Re: [PATCH] mm,page_alloc: PF_WQ_WORKER threads must sleep at should_reclaim_retry().

From: Michal Hocko
Date: Thu Sep 06 2018 - 01:58:00 EST


On Thu 06-09-18 10:00:00, Tetsuo Handa wrote:
> Michal Hocko wrote:
> > On Wed 05-09-18 22:53:33, Tetsuo Handa wrote:
> > > On 2018/09/05 22:40, Michal Hocko wrote:
> > > > Changelog said
> > > >
> > > > "Although this is possible in principle let's wait for it to actually
> > > > happen in real life before we make the locking more complex again."
> > > >
> > > > So what is the real life workload that hits it? The log you have pasted
> > > > below doesn't tell much.
> > >
> > > Nothing special. I just ran a multi-threaded memory eater on a CONFIG_PREEMPT=y kernel.
> >
> > I strongly suspec that your test doesn't really represent or simulate
> > any real and useful workload. Sure it triggers a rare race and we kill
> > another oom victim. Does this warrant to make the code more complex?
> > Well, I am not convinced, as I've said countless times.
>
> Yes. Below is an example from a machine running Apache Web server/Tomcat AP server/PostgreSQL DB server.
> An memory eater needlessly killed Tomcat due to this race.

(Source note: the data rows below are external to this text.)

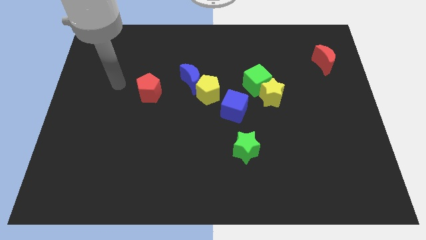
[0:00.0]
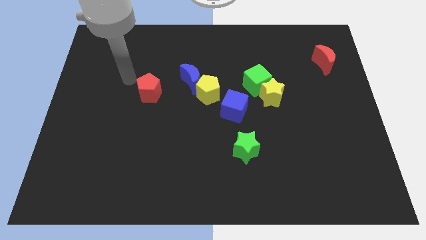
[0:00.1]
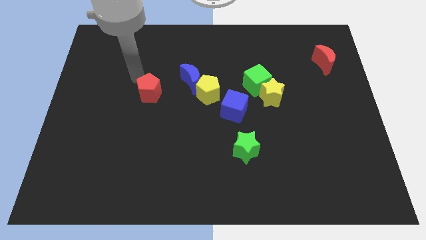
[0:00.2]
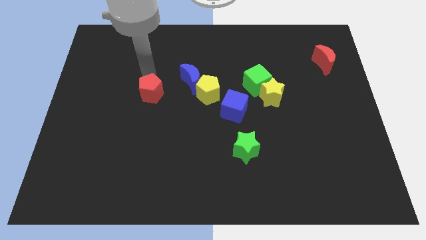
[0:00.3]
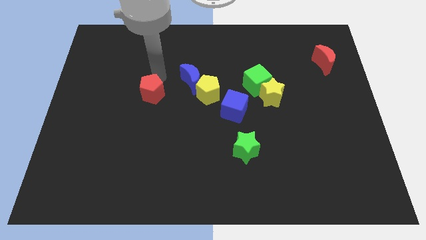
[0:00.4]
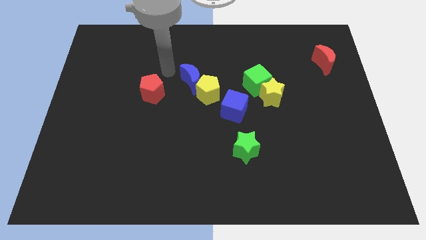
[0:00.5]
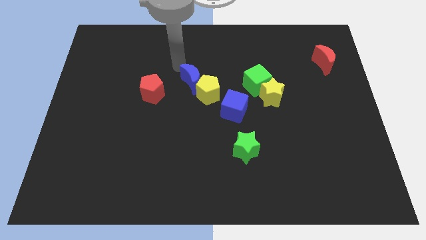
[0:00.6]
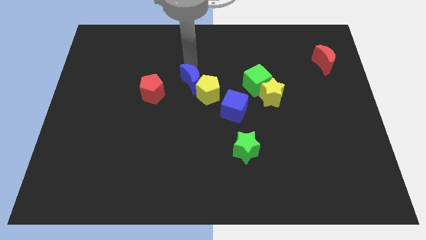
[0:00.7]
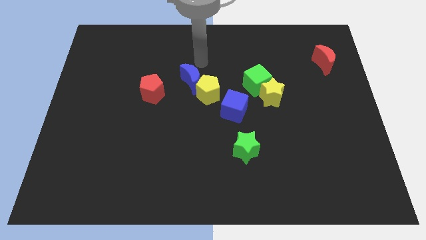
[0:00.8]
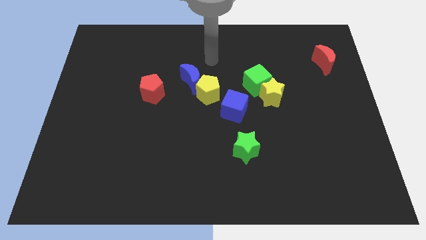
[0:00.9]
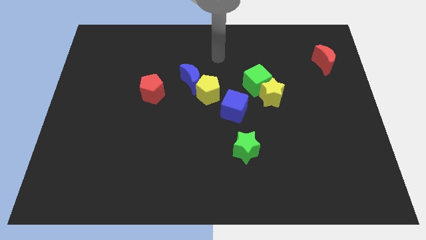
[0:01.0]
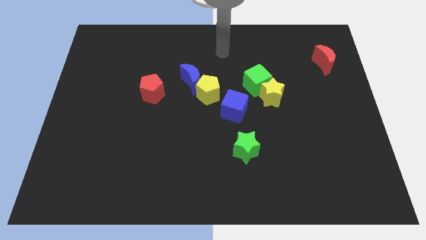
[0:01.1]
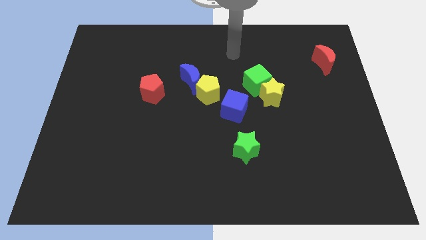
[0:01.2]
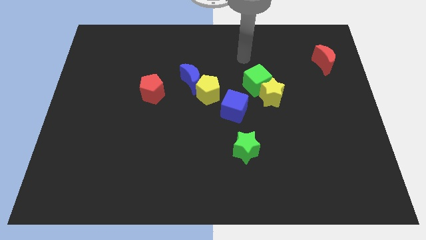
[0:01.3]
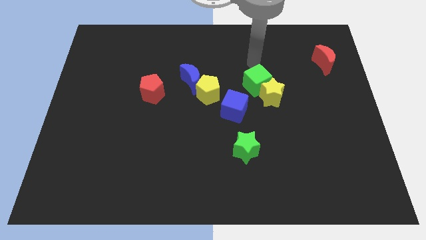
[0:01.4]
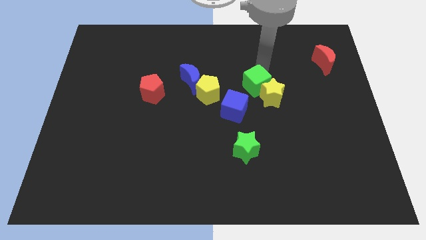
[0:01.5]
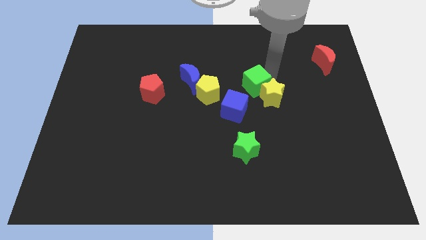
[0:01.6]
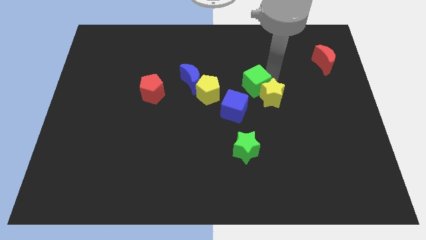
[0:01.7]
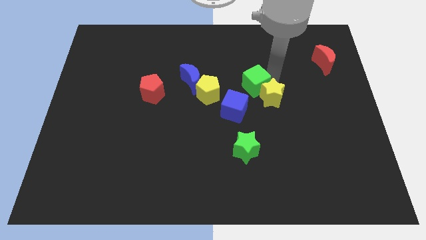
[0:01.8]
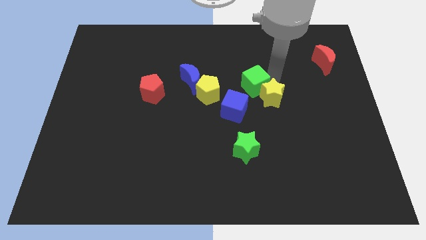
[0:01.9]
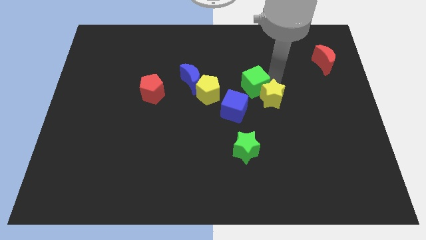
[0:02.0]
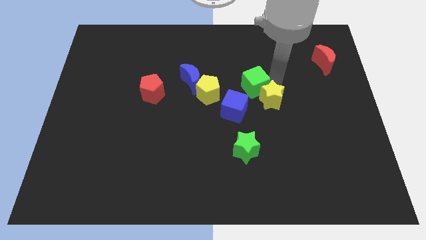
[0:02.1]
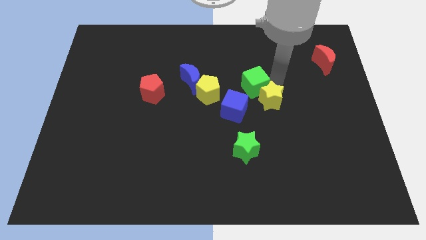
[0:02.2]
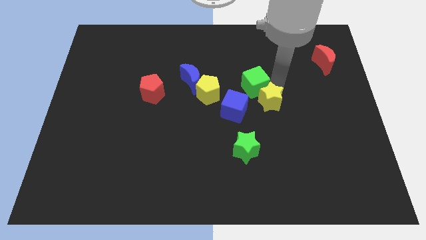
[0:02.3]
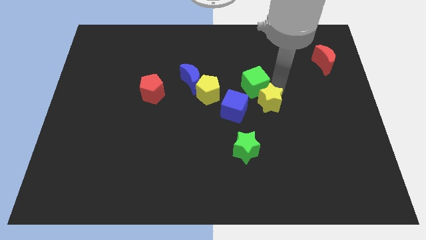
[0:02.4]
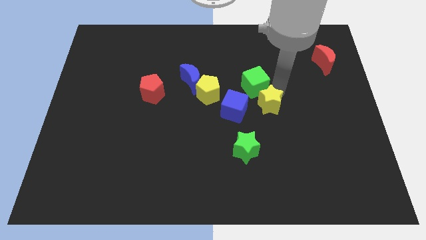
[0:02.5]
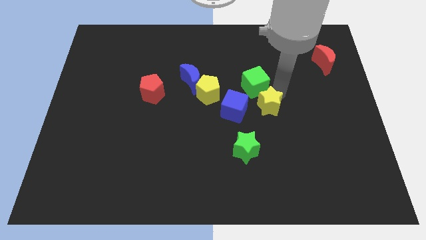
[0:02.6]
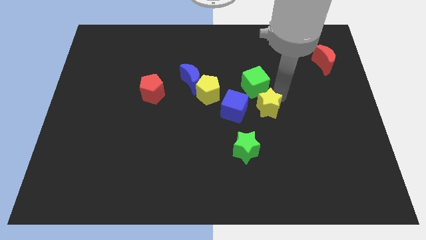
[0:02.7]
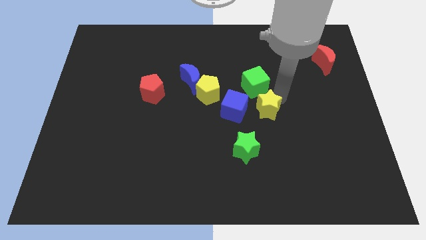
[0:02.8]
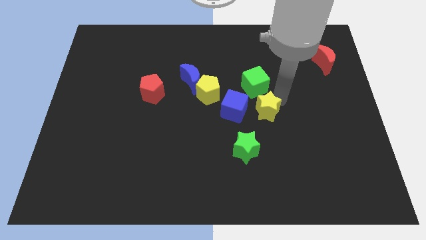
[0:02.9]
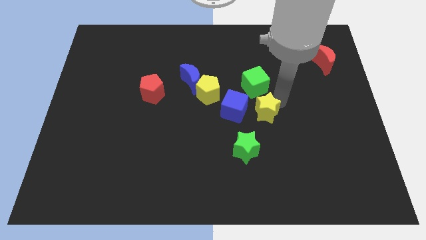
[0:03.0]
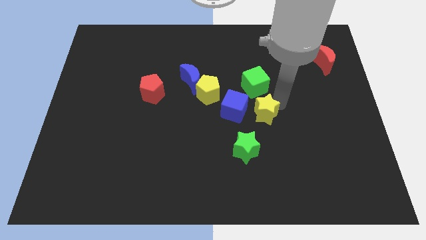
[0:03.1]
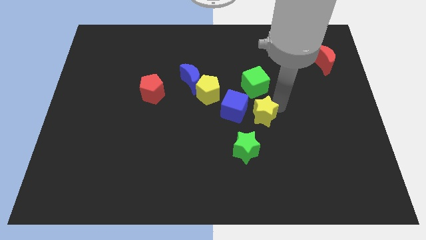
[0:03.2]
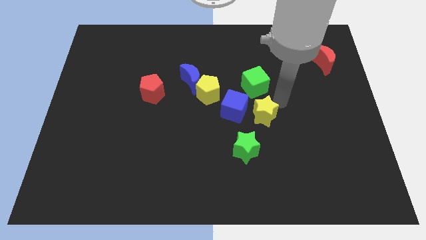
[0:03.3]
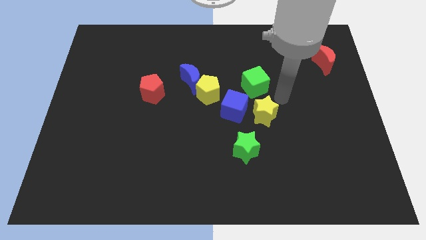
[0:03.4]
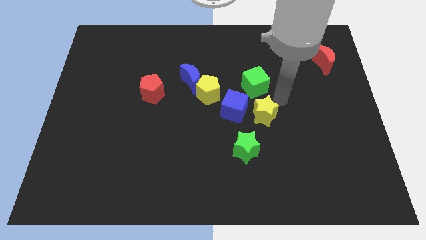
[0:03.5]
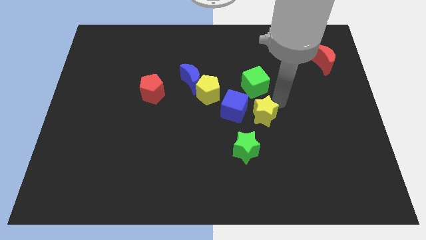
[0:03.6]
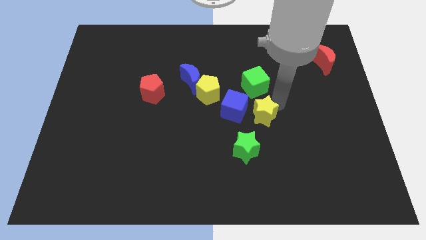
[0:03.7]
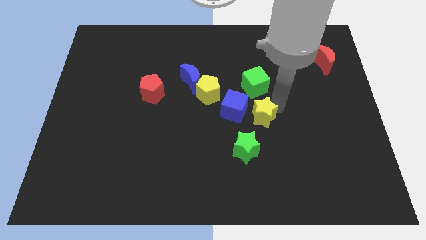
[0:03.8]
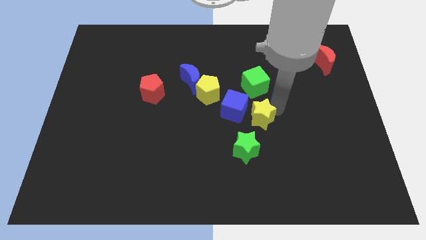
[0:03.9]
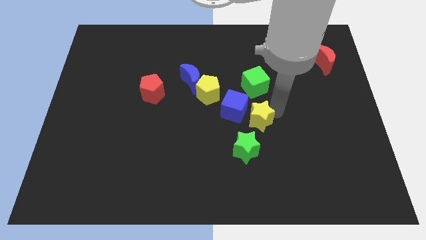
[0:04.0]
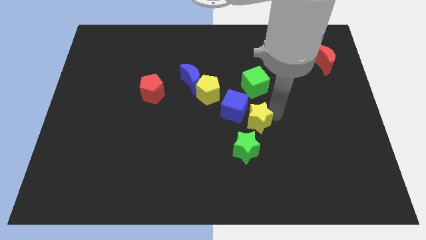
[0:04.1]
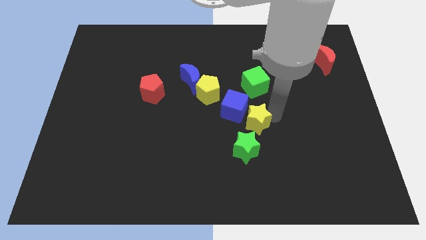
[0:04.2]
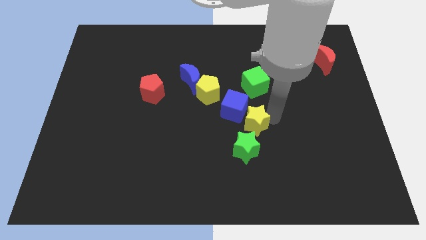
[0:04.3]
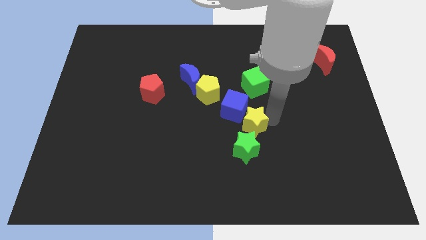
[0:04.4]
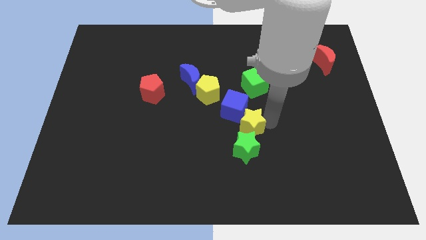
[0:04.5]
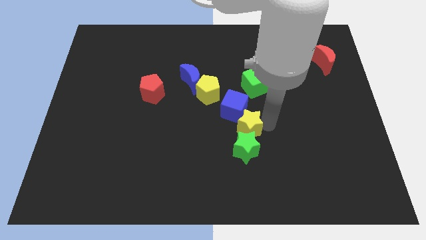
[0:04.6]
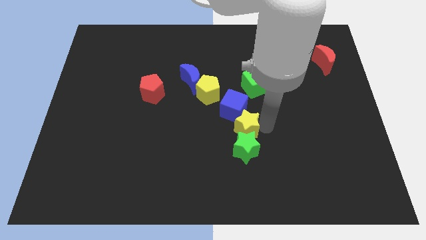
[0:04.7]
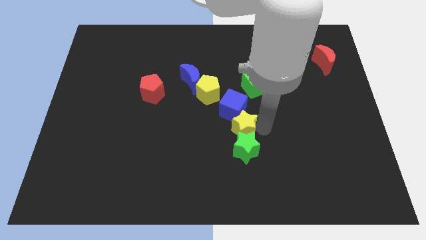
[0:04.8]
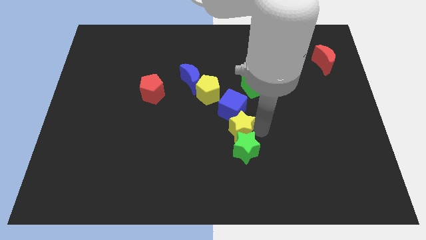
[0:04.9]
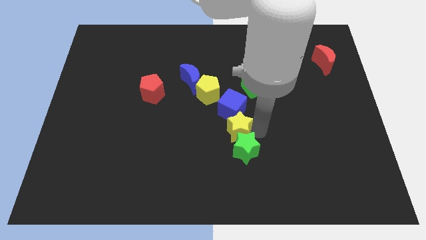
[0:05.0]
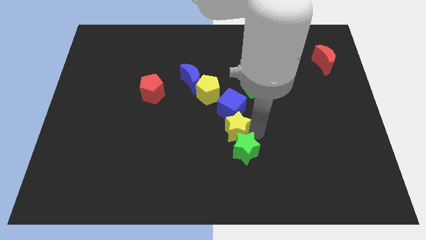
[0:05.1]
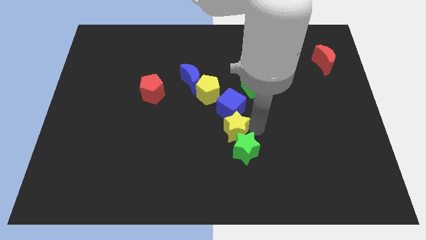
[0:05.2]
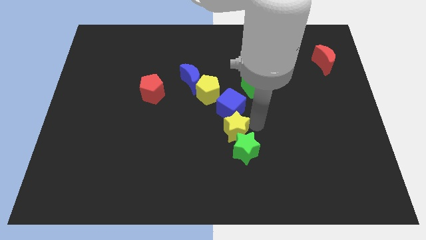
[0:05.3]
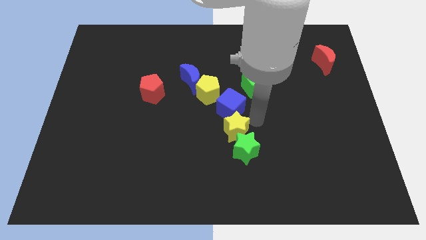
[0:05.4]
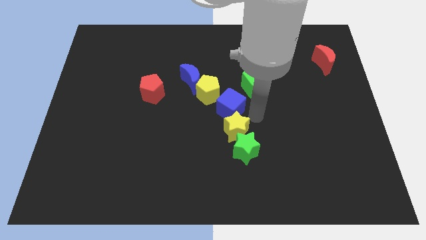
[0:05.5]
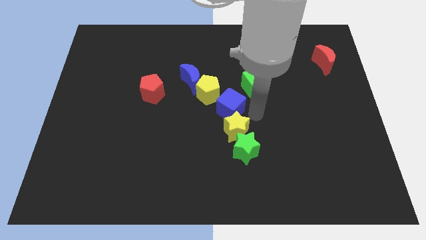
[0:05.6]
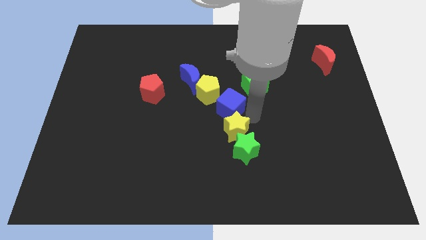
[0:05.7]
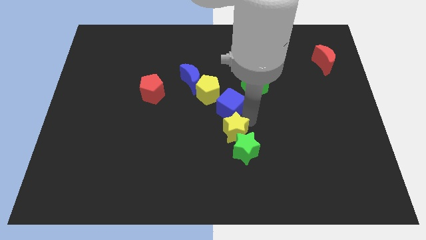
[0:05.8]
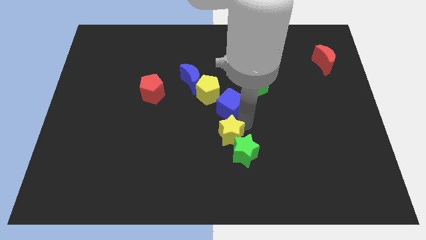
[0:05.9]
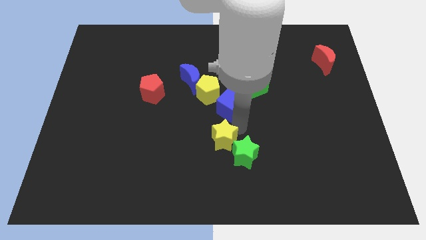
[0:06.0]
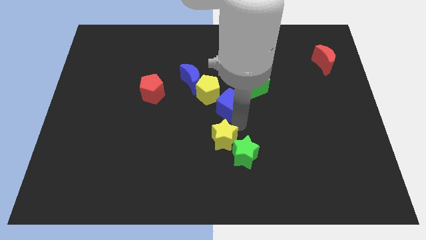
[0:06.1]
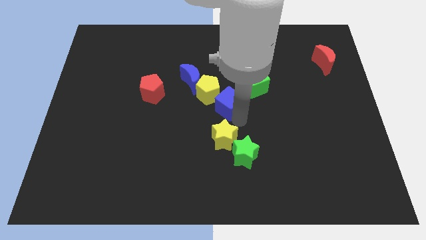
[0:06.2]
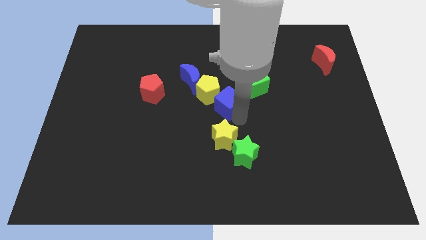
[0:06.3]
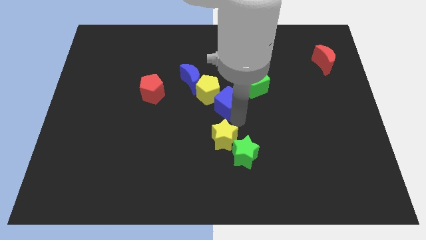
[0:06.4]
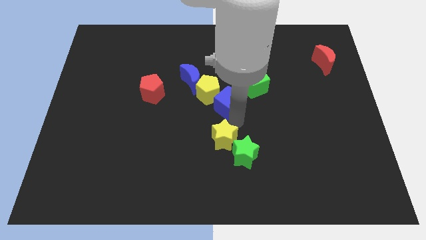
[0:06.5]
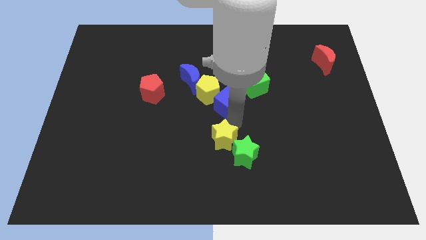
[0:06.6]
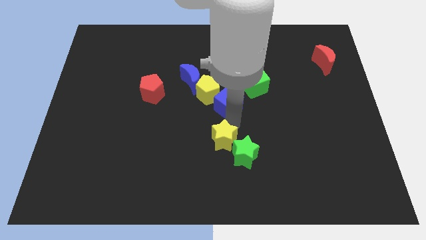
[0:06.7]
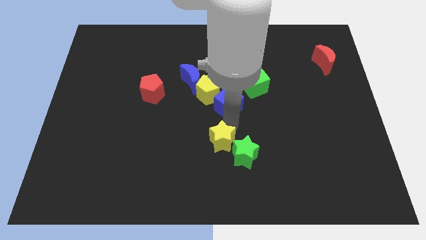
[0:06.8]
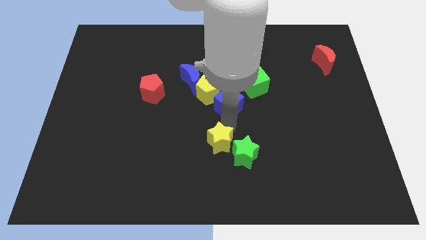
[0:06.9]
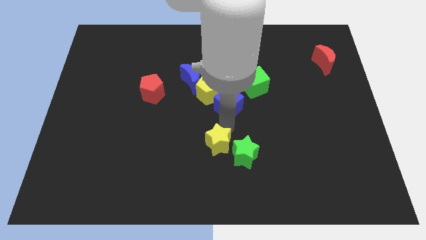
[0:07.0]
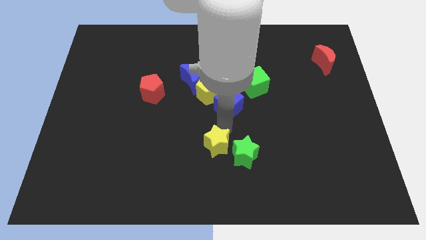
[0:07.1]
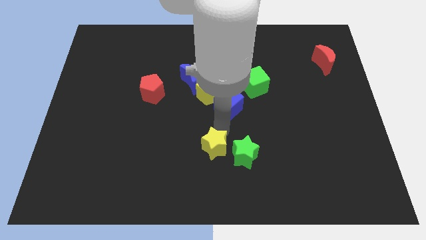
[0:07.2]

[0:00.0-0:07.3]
move the yellow star downwards and to the left

What prevents you from modifying you mem eater in a way that Tomcat
resp. others from being the primary oom victim choice? In other words,
yeah it is not optimal to lose the race but if it is rare enough then
this is something to live with because it can be hardly considered a
new DoS vector AFAICS. Remember that this is always going to be racy
land and we are not going to plumb all possible races because this is
simply not viable. But I am pretty sure we have been through all this
many times already. Oh well...

> I assert that we should fix af5679fbc669f31f.

If you can come up with reasonable patch which doesn't complicate the
code and it is a clear win for both this particular workload as well as
others then why not.
--
Michal Hocko
SUSE Labs